Second time around I wasn’t a kid and knew marriage was work and figured if we worked hard together that the marriage would always be strong. Funny thing about life to use my favorite quote from John Lennon “Life is what happens while you are busy making other plans”. Turns out in the real world, a couple can be strong, in love but still have issues that make them incompatible. There is no secret to staying married, and anyone who tells you otherwise is shitting you. I say that with 14 years of marriage under my belt and being the offspring of a couple that did 31 years until death parted them.
I have no idea what our future holds, at this point we take it day by day, and take the good with the ugly. Yet we both had a great laugh when I shared the so-called keys to staying married that I stumbled across, if only it were that easy. Life is messy and when you combine lives it gets even messier. Or shall we just say it’s complicated.
I read that same blog post and what I took away was something very different. The blogger who wrote that is not single, but divorced herself, so it didn’t make sense to me that she would be making any statements about marriage being simple. But based on what the old woman who’d been married a long time said to her, what I took the ultimate point of the post to mean is that – the only difference between being married 60 years and being married 6 years is not getting divorced. The younger unmarried woman who was exclaiming to the old couple about being married so long seemed to be under the assumption that they must have been SO HAPPY and had something special. But how does she know that maybe those decades weren’t crappy, full of infidelity, lack of affection, or even violence? We make a lot of assumptions about long marriages, and because they seem less and less common, we think they are better relationships.

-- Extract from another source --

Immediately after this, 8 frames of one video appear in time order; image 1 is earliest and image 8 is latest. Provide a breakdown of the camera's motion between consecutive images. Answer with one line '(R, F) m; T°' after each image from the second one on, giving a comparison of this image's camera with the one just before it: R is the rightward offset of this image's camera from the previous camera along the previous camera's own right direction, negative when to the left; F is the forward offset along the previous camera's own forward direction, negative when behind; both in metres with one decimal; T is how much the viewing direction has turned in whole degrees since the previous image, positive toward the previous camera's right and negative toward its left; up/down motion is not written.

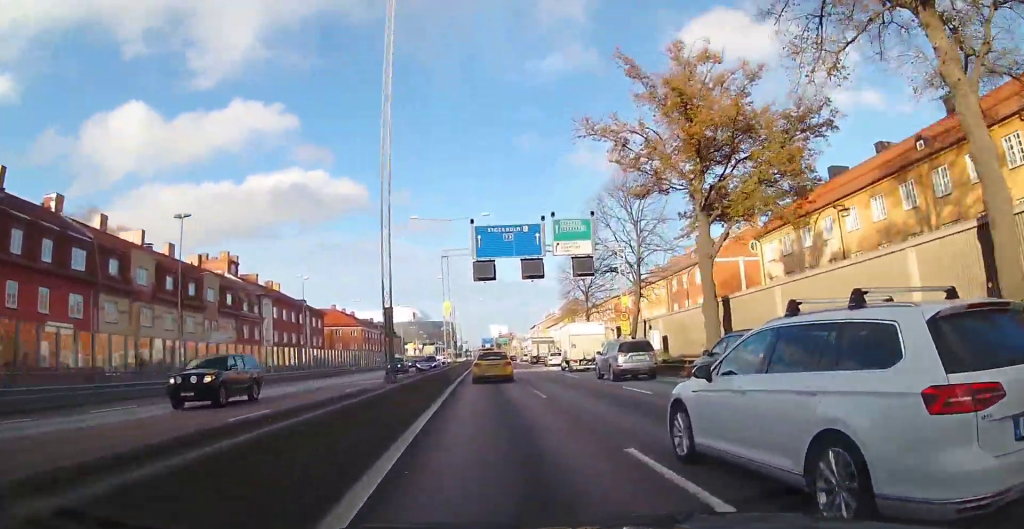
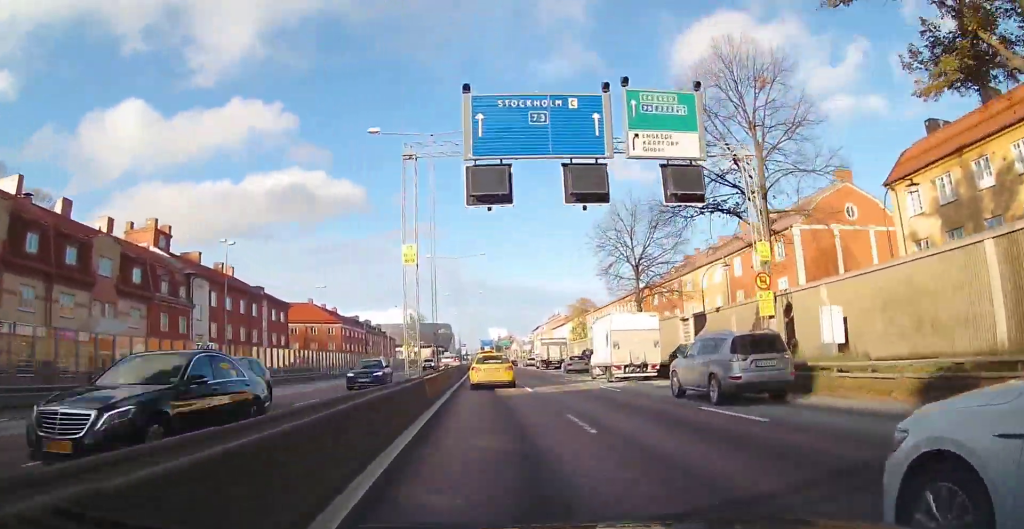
(+0.1, +19.0) m; +1°
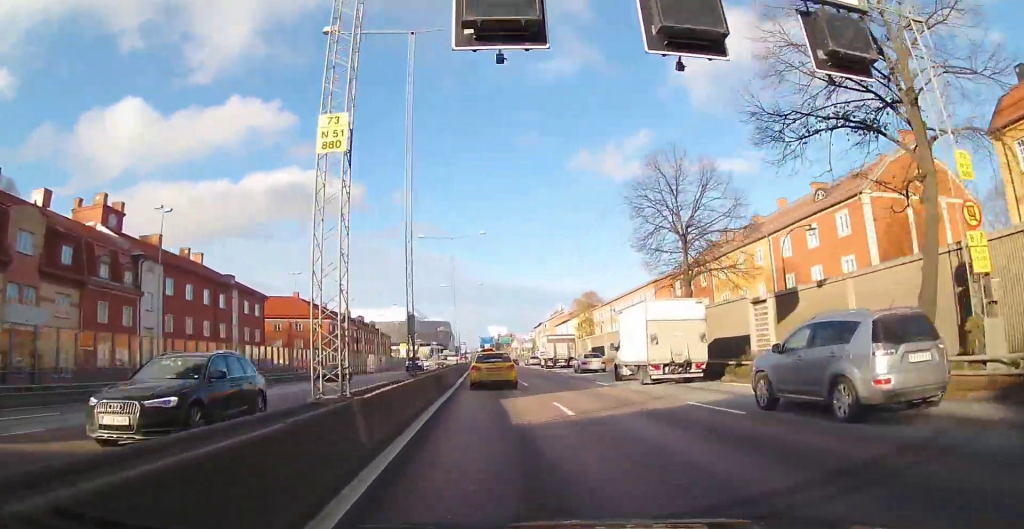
(0.0, +9.5) m; 0°
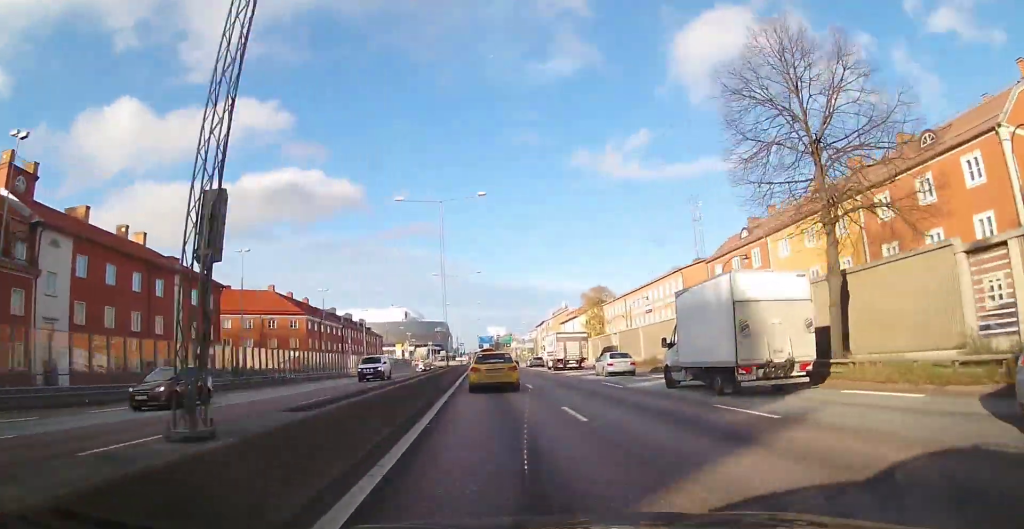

Maybe. Maybe not!
I don’t know what the blogger’s intent was – maybe it was to oversimply – but I took it another way.
I agree about laughing.
The Pseudo Husband and used to have a yearly: I hate you / we’re done blow out. I think we spent the better part of (after we lived together) two years really wondering if we should move on. For us — and this is clearly not for everyone — it took until we had almost nothing to love each other. When we were struggling, we realized the only thing we do have is each other. Our non-union is stronger than ever and we’re more at peace within the relationship.
Willing something to “work” is for the birds. It won’t happen. Newlyweds say that shit. I’m sorry that the two of you are struggling together. If it can work it will, if it can’t you’ll know. Which is so easy to write.

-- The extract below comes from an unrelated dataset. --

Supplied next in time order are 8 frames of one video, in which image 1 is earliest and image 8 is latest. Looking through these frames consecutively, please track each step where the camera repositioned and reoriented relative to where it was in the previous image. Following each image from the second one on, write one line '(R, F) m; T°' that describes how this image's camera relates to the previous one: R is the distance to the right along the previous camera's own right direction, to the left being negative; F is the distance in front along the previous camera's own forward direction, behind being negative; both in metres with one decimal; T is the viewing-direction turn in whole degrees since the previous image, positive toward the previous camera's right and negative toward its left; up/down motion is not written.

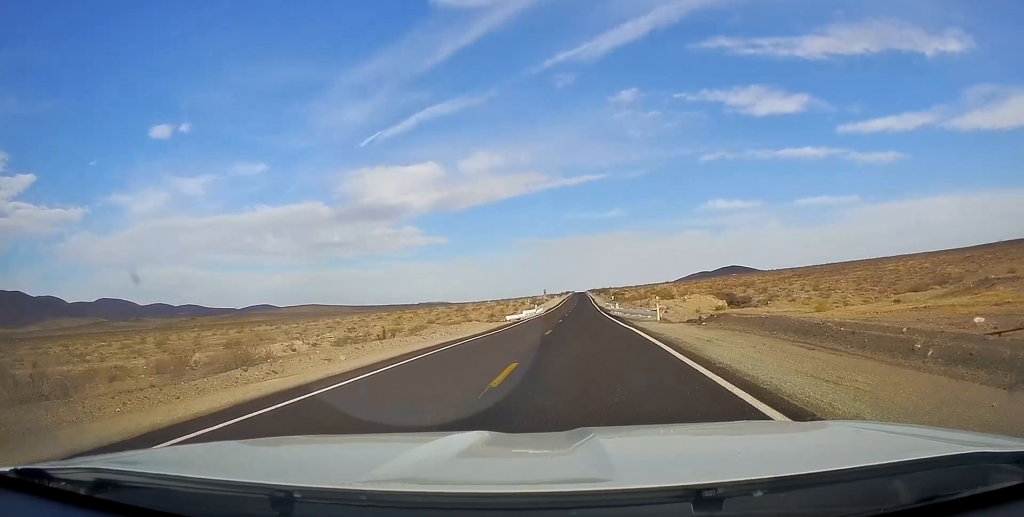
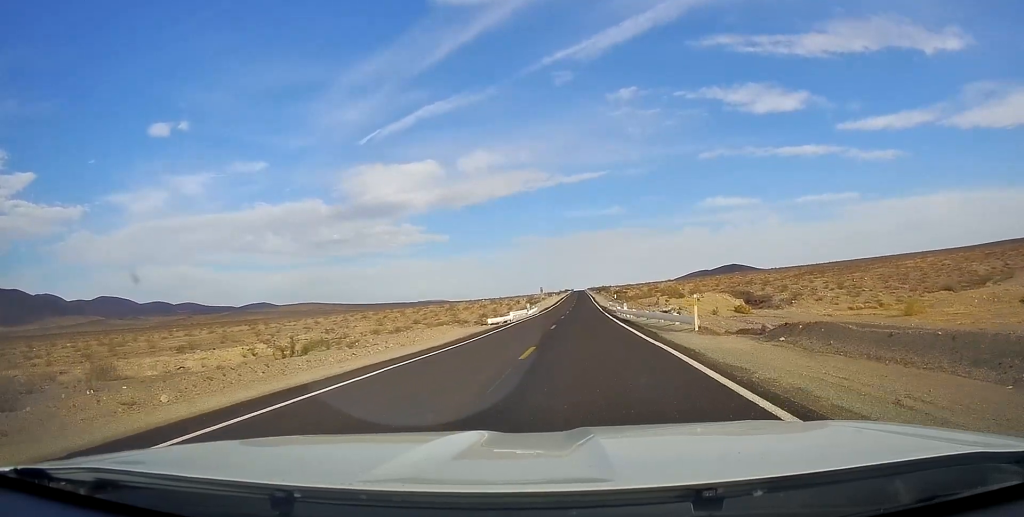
(+0.1, +10.7) m; 0°
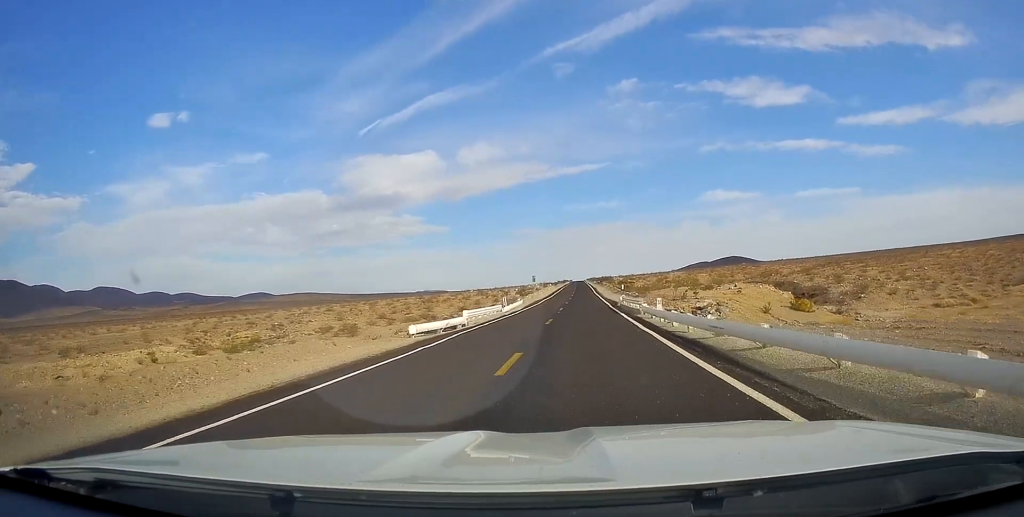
(-0.6, +20.3) m; -2°
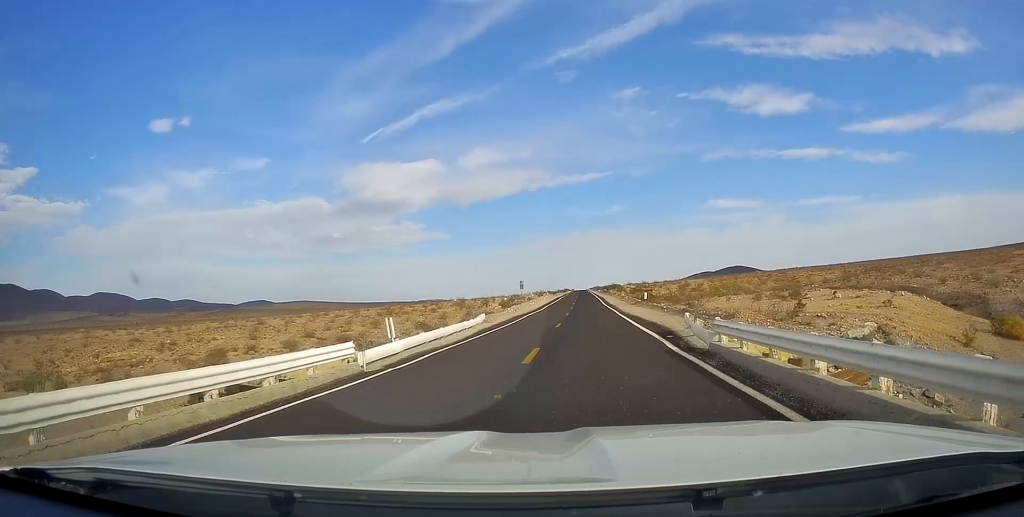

If you can laugh together, you can whether a lot of storms, remember that, and remember the power of touch too.
The unmarried & the newly married…a group of folks I’d love to smack for their naive advice.
It’s funny I should read this post right now, as just earlier this morning I was thinking about my own marriage– we’ve been together about 13yrs, married for 8. The years before marriage were at times pretty rocky, but since making the decision to actually marry we’ve had an amazing 8 years together.
And yet I realized today how if we are going to stay married always, it’s almost certain that we’ll go through some period when one or both of us is unhappy with our marriage and things don’t seem to be working. Right? I mean, can any couple stay together for multiple decades and not go through rough patches here and there? So now I wonder when those will be, and what will happen. We have a good history of working through some tough shit so I’m hopeful that we’ll do fine in the end….
I hope you and your spouse are able to figure things out, whatever that may mean for you. Best of luck!